Picture the last zit you had. But not a baby one — a real juicy sucker, right there on your forehead. We’ve all had them, and many of us have spent more than a few minutes squeezing them into oblivion in front of the bathroom mirror.

When a zit finally bursts, it can give people a really satisfying rush. But this love of pimple popping isn’t just limited to personal acne: It’s a phenomenon, complete with YouTube channels and even a TV series. But why?

Why is this so satisfying? And why do people love watching other people do it so much? On one level, the answer seems to be pretty simple:.

It sometimes feels good to pop a zit. Although no studies have looked at pimple popping directly, a number of researchers have investigated other forms of compulsive skin picking. And they’ve found that picking at your skin can trigger your brain to release the chemical dopamine.

Dopamine plays a huge role in motivating reward-based behavior. When it’s released, the brain interprets it as a signal that you’ve done something right, and you generally feel motivated to do that thing again. So when you see the goop come rushing out of the pimple, your brain might think of it as an accomplishment.

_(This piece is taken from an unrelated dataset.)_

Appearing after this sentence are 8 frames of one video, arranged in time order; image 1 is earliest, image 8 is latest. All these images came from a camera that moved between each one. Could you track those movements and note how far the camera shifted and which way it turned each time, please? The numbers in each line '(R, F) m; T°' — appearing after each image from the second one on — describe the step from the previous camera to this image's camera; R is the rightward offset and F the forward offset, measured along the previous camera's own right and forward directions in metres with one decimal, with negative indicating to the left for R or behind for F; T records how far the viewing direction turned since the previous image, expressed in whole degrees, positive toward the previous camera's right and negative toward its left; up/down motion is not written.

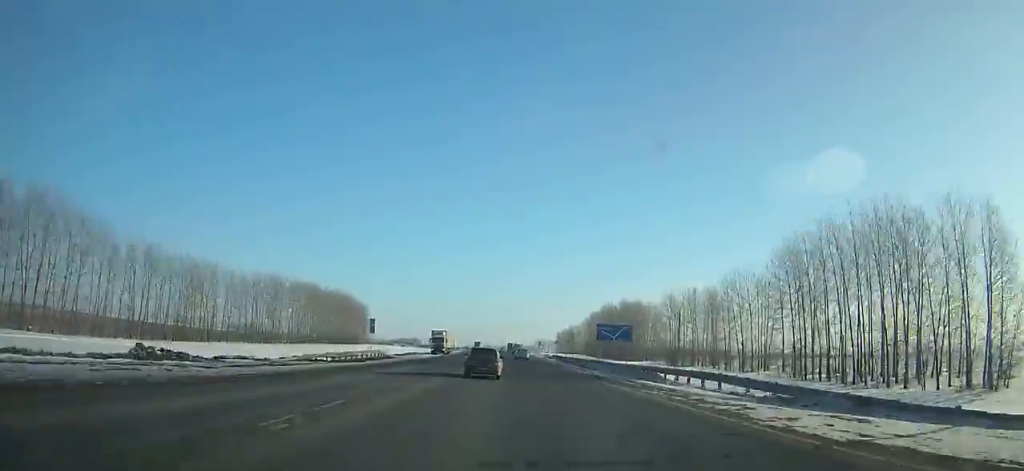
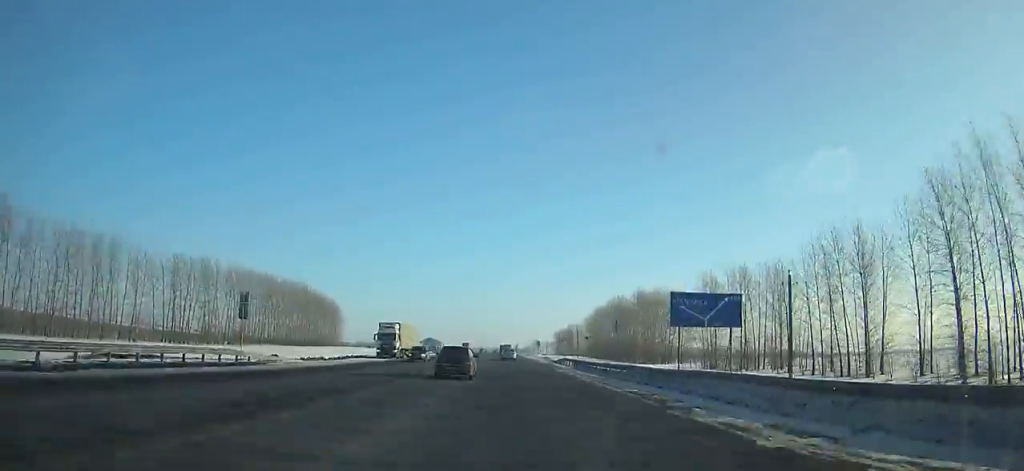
(+0.1, +33.4) m; 0°
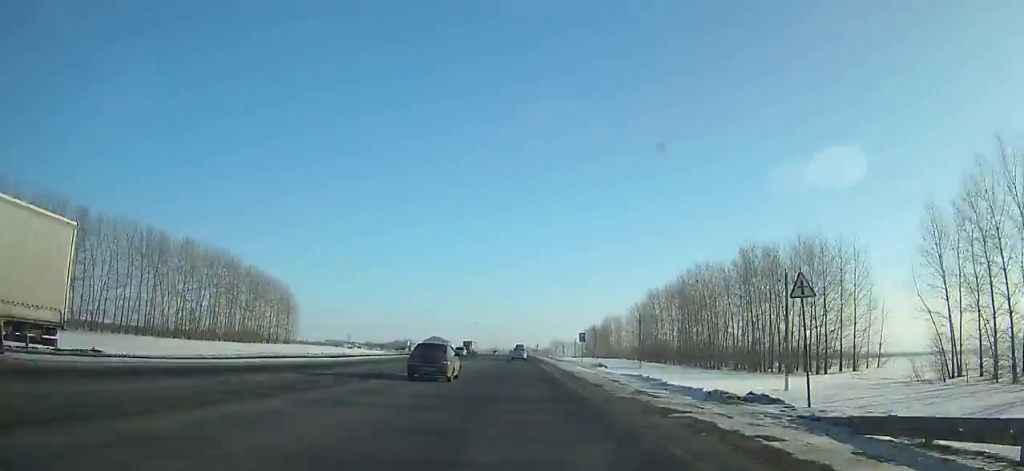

And the next time a big whitehead springs up, you could find yourself getting up close and personal with the bathroom mirror. For some, though, the need to pick may go beyond wanting to feel satisfied. In some cases, the act itself might actually be soothing or reduce tension and anxiety.

For example, in a small 2015 study with forty-seven people, researchers found that participants were more likely to do things like skin-picking, hair-pulling, and nail-biting when they were frustrated or bored. The effect was especially significant for those who typically had trouble controlling these behaviors, but it was there for the control group, too. Since this was an exploratory study with a small sample size, more research would help back up this idea.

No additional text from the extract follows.